:: Provided records ::
______

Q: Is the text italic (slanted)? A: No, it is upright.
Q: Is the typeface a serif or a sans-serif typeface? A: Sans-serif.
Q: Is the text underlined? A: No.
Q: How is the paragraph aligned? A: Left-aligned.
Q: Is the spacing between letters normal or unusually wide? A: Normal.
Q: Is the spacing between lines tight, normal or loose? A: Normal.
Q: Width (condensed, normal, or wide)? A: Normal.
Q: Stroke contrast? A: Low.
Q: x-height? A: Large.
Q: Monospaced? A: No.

______

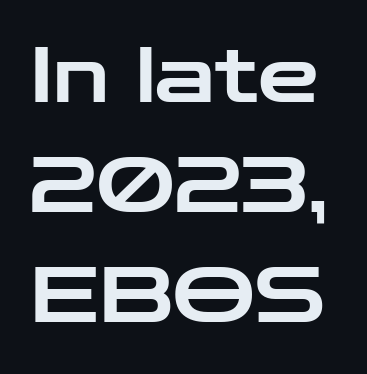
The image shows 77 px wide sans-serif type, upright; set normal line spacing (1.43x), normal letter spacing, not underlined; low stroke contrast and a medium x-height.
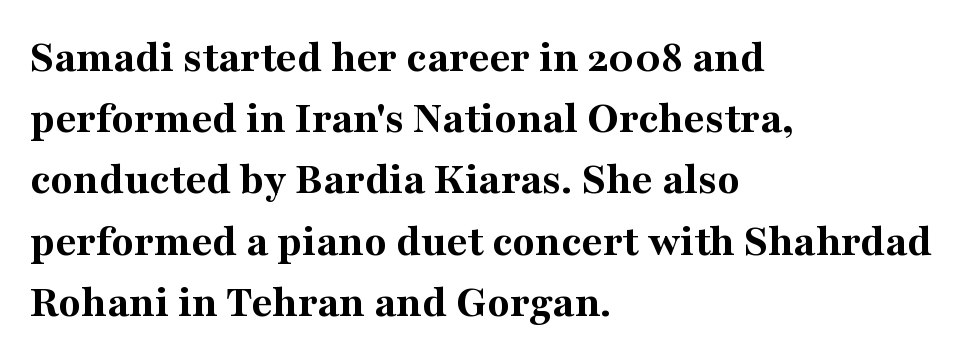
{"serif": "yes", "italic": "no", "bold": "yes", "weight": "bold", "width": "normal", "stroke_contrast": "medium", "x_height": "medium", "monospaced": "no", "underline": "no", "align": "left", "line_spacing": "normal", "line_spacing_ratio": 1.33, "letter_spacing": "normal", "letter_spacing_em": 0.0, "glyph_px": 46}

______

:: Exercise aim ::
For the listing above, print only the lines starting at the line containing "Q: Is the text italic" and ending at the line containing "Q: x-height? A: Large.", exactly, both included.

:: Exercise answer ::
Q: Is the text italic (slanted)? A: No, it is upright.
Q: Is the typeface a serif or a sans-serif typeface? A: Sans-serif.
Q: Is the text underlined? A: No.
Q: How is the paragraph aligned? A: Left-aligned.
Q: Is the spacing between letters normal or unusually wide? A: Normal.
Q: Is the spacing between lines tight, normal or loose? A: Normal.
Q: Width (condensed, normal, or wide)? A: Normal.
Q: Stroke contrast? A: Low.
Q: x-height? A: Large.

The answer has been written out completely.